EXERCISE INPUTS:
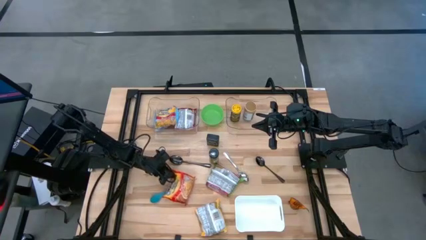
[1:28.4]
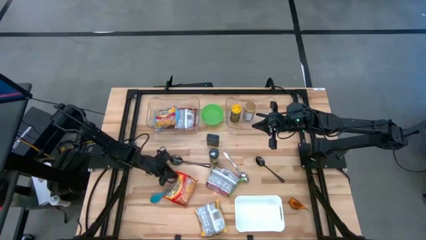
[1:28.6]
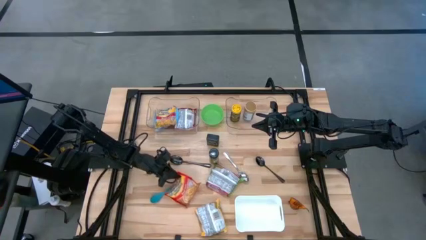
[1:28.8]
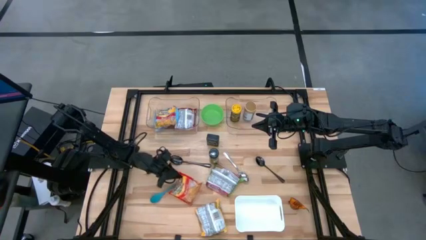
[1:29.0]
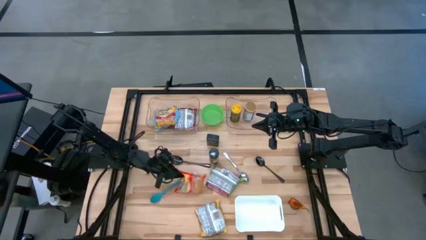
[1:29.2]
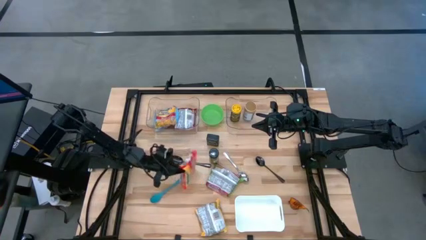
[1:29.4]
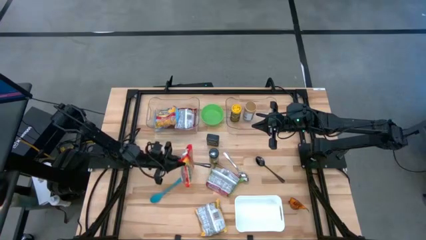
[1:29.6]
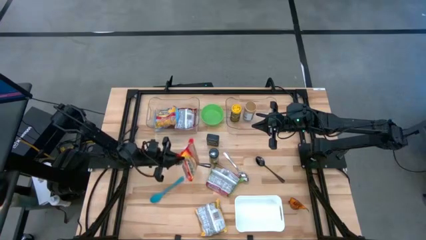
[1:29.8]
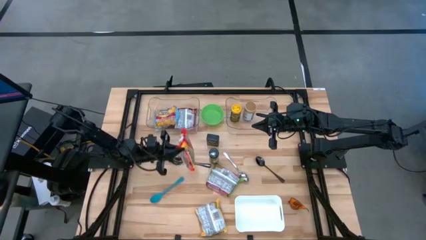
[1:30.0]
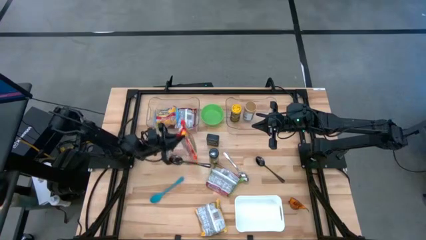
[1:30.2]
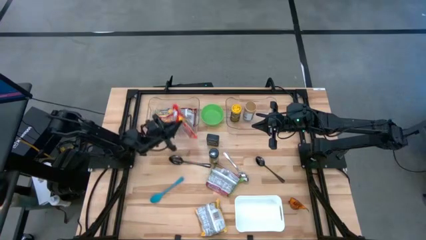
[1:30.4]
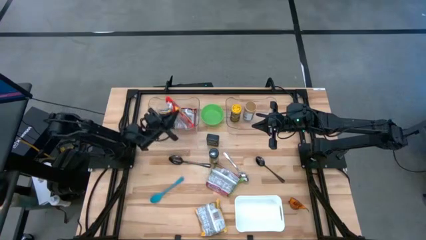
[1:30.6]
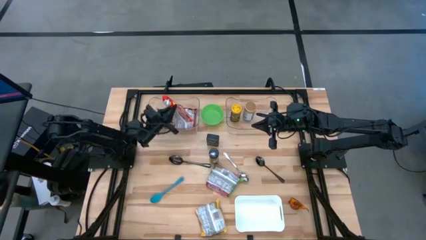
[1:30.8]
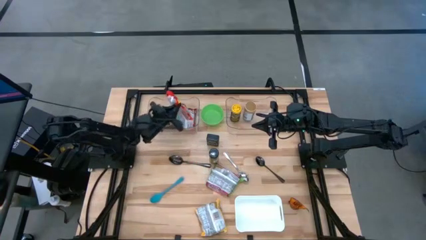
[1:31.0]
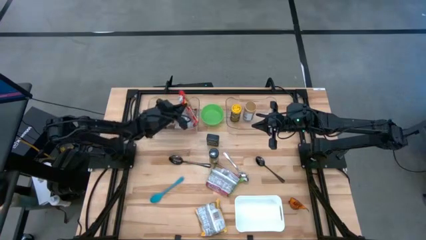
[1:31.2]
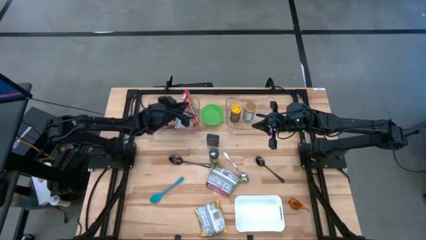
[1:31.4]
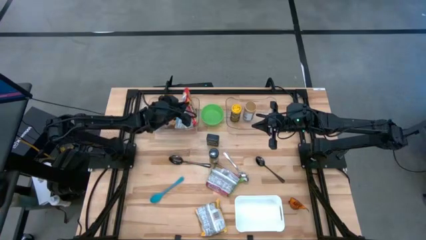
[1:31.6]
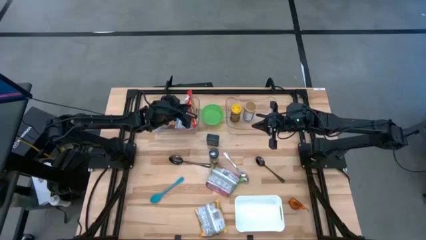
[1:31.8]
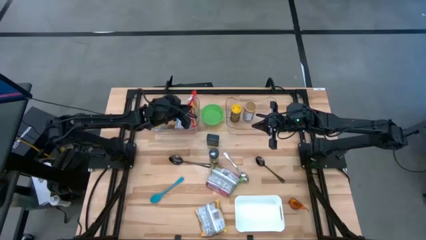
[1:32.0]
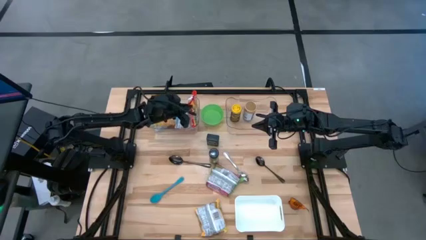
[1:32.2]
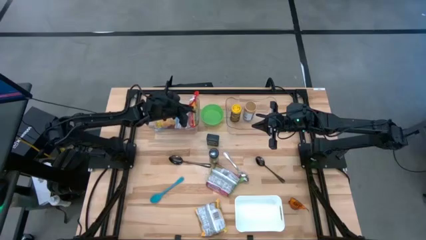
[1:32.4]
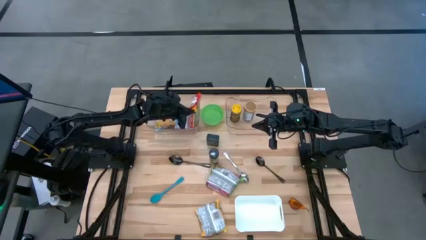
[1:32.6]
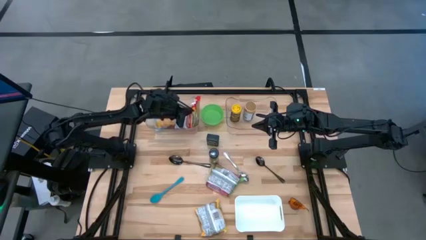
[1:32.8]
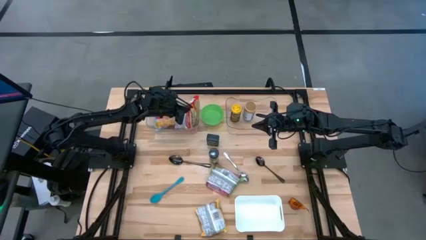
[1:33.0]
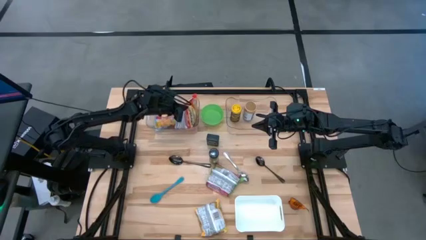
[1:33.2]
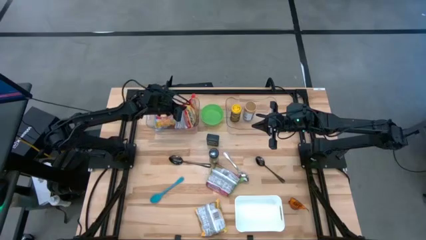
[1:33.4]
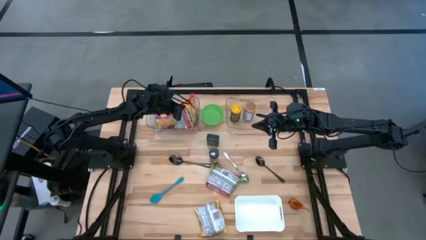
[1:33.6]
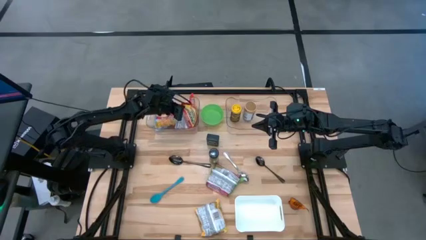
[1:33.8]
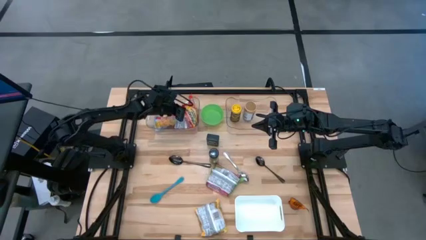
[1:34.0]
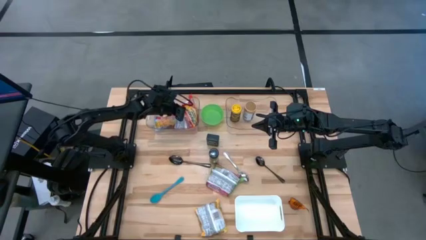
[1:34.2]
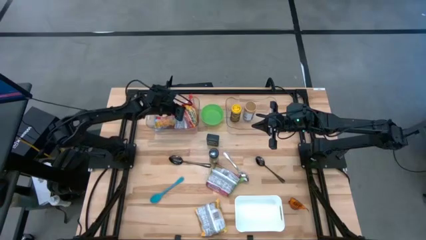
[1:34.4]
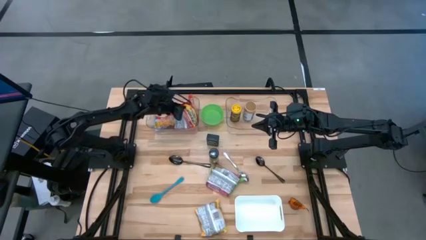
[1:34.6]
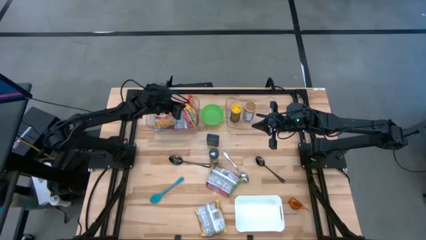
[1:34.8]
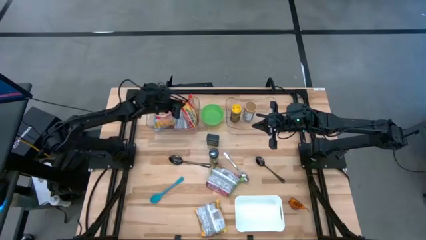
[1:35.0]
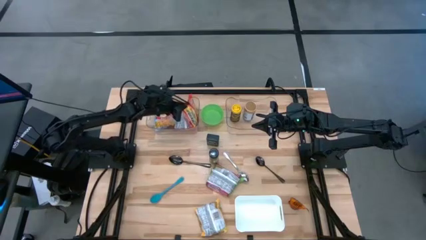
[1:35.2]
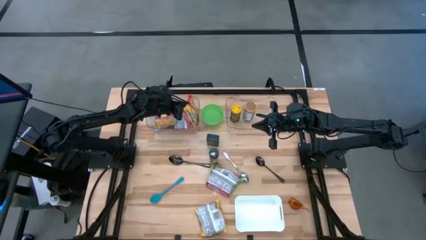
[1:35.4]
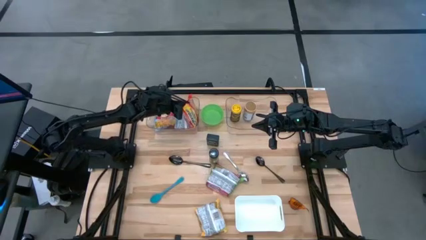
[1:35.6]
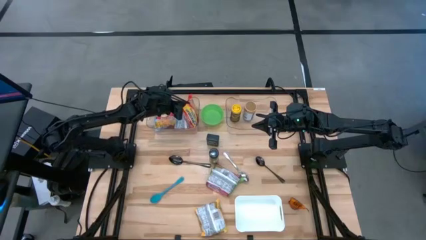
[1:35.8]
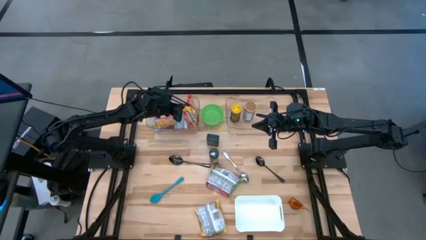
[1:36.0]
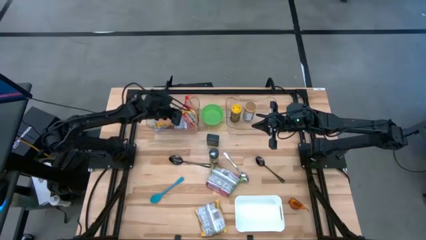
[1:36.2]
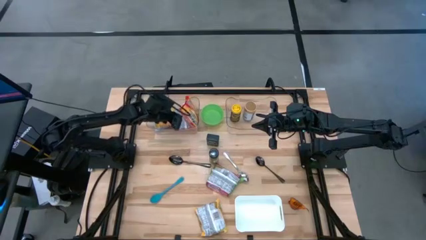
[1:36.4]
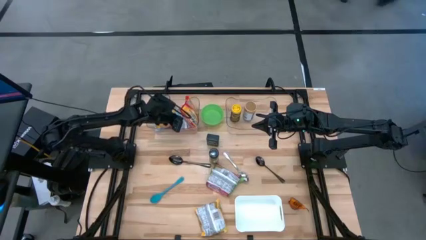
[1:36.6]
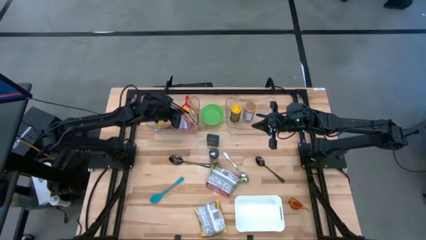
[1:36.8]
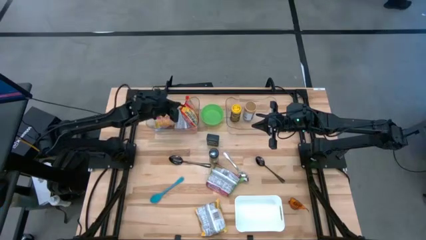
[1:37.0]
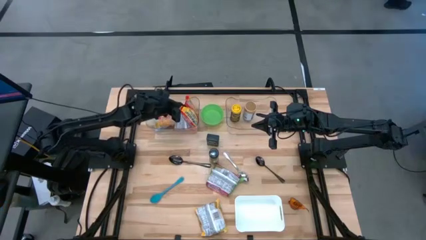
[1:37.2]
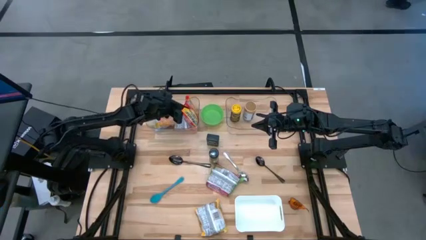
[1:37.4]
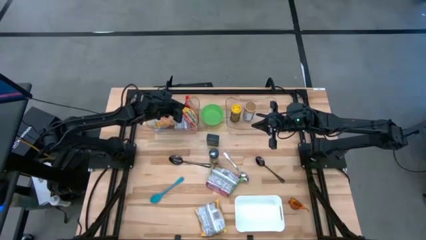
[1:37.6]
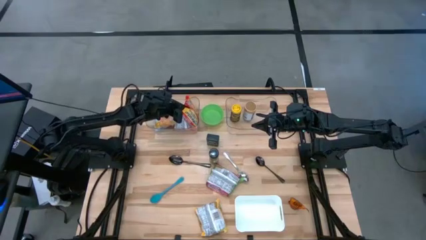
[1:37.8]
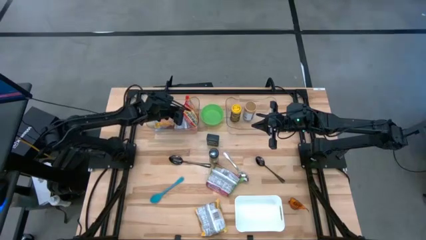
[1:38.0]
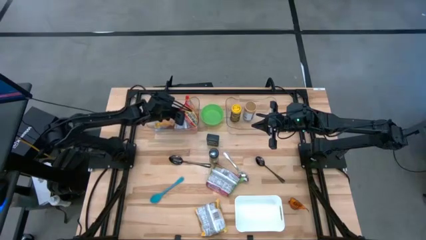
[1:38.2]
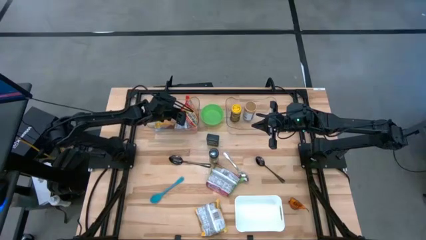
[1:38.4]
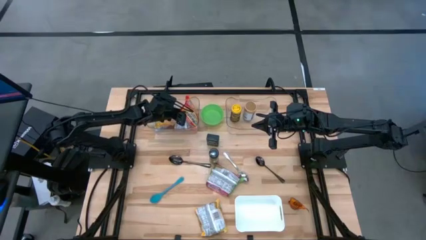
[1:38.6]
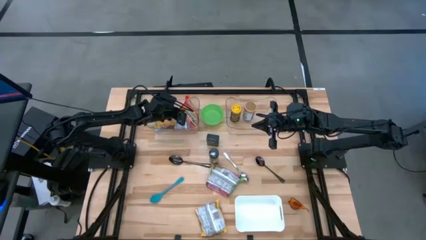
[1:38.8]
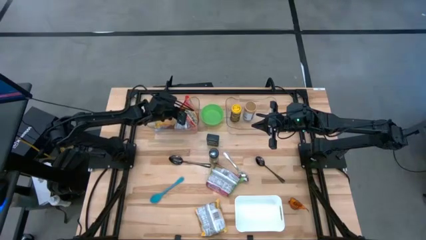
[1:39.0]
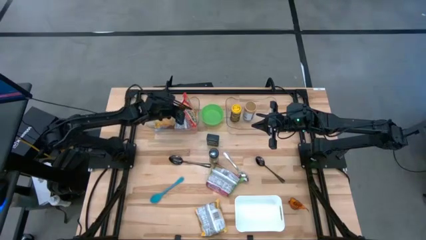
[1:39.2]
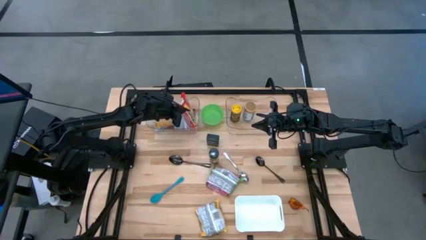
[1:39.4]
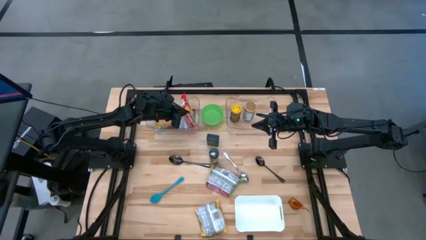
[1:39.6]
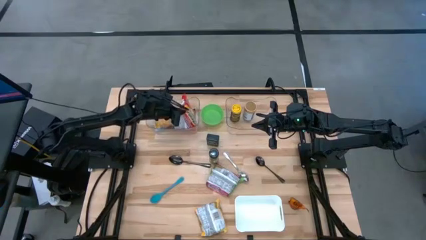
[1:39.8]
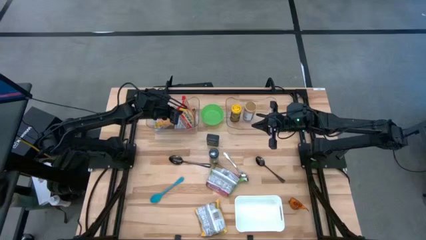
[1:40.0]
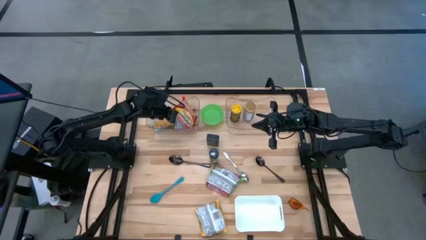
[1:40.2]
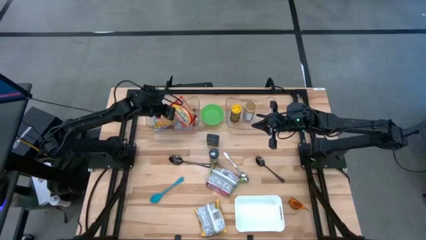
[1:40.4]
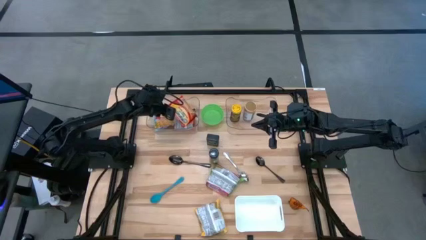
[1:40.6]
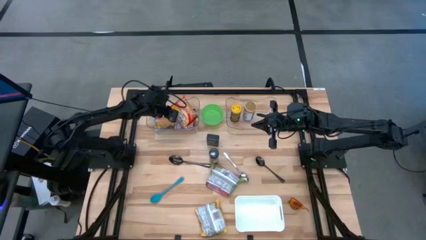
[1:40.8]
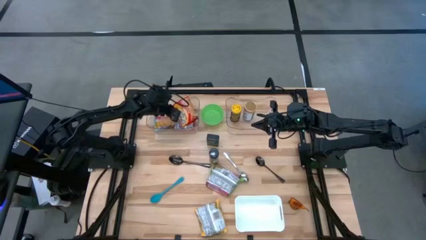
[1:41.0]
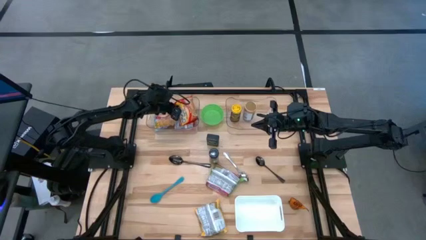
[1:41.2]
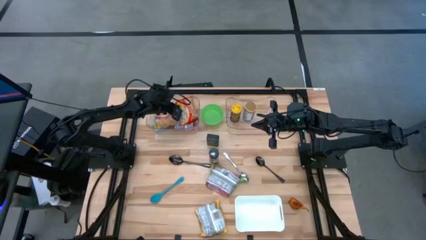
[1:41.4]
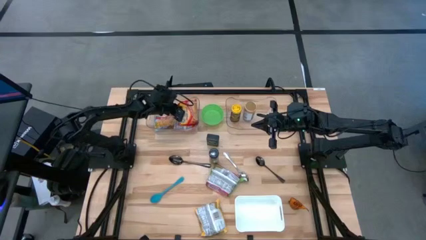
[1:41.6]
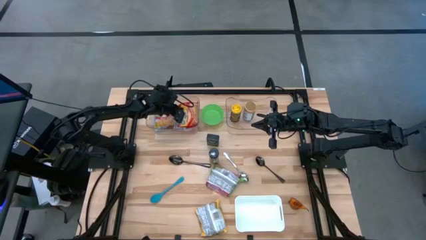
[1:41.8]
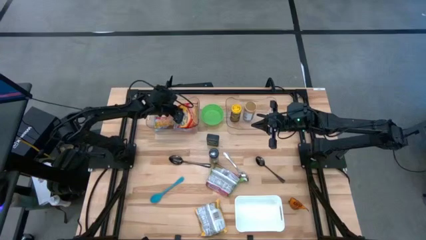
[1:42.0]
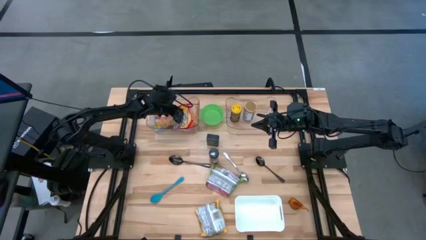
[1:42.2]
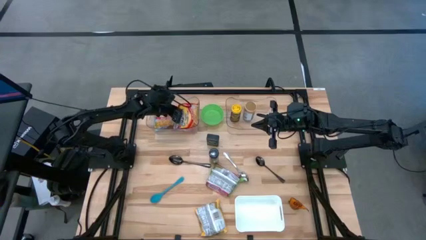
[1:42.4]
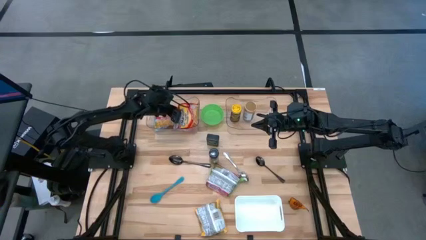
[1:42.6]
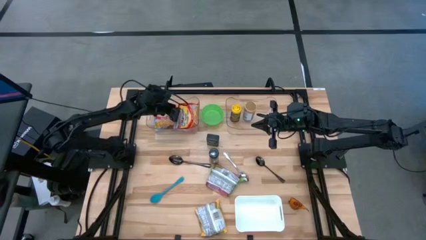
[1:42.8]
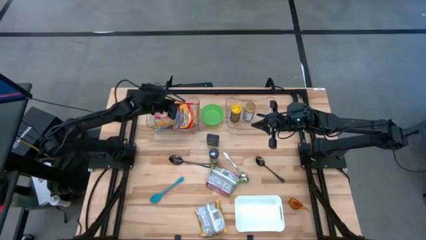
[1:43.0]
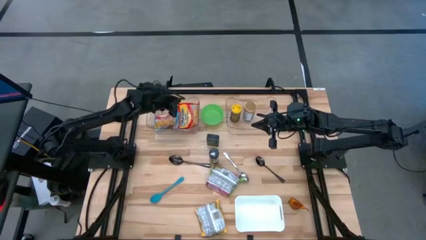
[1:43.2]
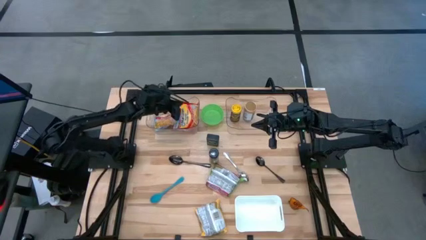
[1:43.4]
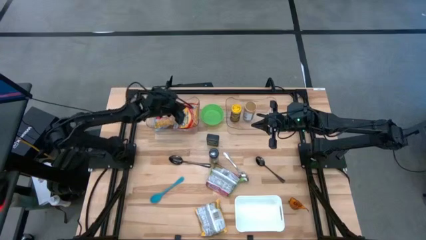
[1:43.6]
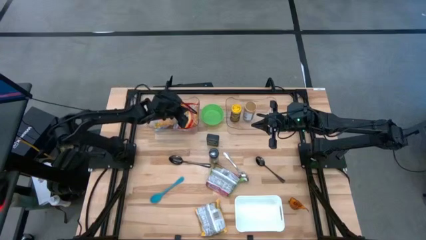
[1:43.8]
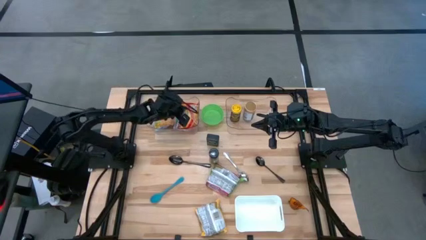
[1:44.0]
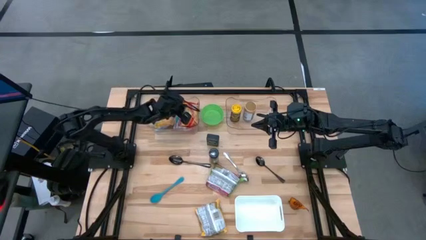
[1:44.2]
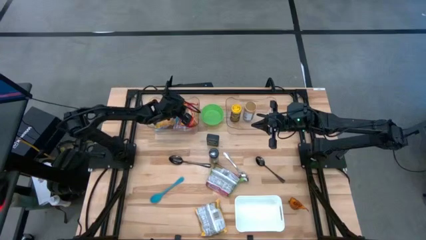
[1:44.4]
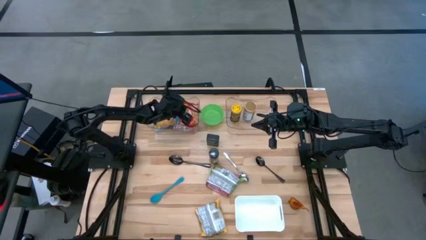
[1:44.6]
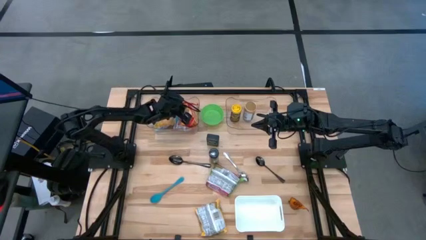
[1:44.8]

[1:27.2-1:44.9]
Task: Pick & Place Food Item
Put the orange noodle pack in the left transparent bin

TASK DESCRIPTION: Exactly reproduce each record, leaving out any pictures.

WRITTEN RESPONSE:
[1:28.4]
[1:28.6]
[1:28.8]
[1:29.0]
[1:29.2]
[1:29.4]
[1:29.6]
[1:29.8]
[1:30.0]
[1:30.2]
[1:30.4]
[1:30.6]
[1:30.8]
[1:31.0]
[1:31.2]
[1:31.4]
[1:31.6]
[1:31.8]
[1:32.0]
[1:32.2]
[1:32.4]
[1:32.6]
[1:32.8]
[1:33.0]
[1:33.2]
[1:33.4]
[1:33.6]
[1:33.8]
[1:34.0]
[1:34.2]
[1:34.4]
[1:34.6]
[1:34.8]
[1:35.0]
[1:35.2]
[1:35.4]
[1:35.6]
[1:35.8]
[1:36.0]
[1:36.2]
[1:36.4]
[1:36.6]
[1:36.8]
[1:37.0]
[1:37.2]
[1:37.4]
[1:37.6]
[1:37.8]
[1:38.0]
[1:38.2]
[1:38.4]
[1:38.6]
[1:38.8]
[1:39.0]
[1:39.2]
[1:39.4]
[1:39.6]
[1:39.8]
[1:40.0]
[1:40.2]
[1:40.4]
[1:40.6]
[1:40.8]
[1:41.0]
[1:41.2]
[1:41.4]
[1:41.6]
[1:41.8]
[1:42.0]
[1:42.2]
[1:42.4]
[1:42.6]
[1:42.8]
[1:43.0]
[1:43.2]
[1:43.4]
[1:43.6]
[1:43.8]
[1:44.0]
[1:44.2]
[1:44.4]
[1:44.6]
[1:44.8]

[1:27.2-1:44.9]
Task: Pick & Place Food Item
Put the orange noodle pack in the left transparent bin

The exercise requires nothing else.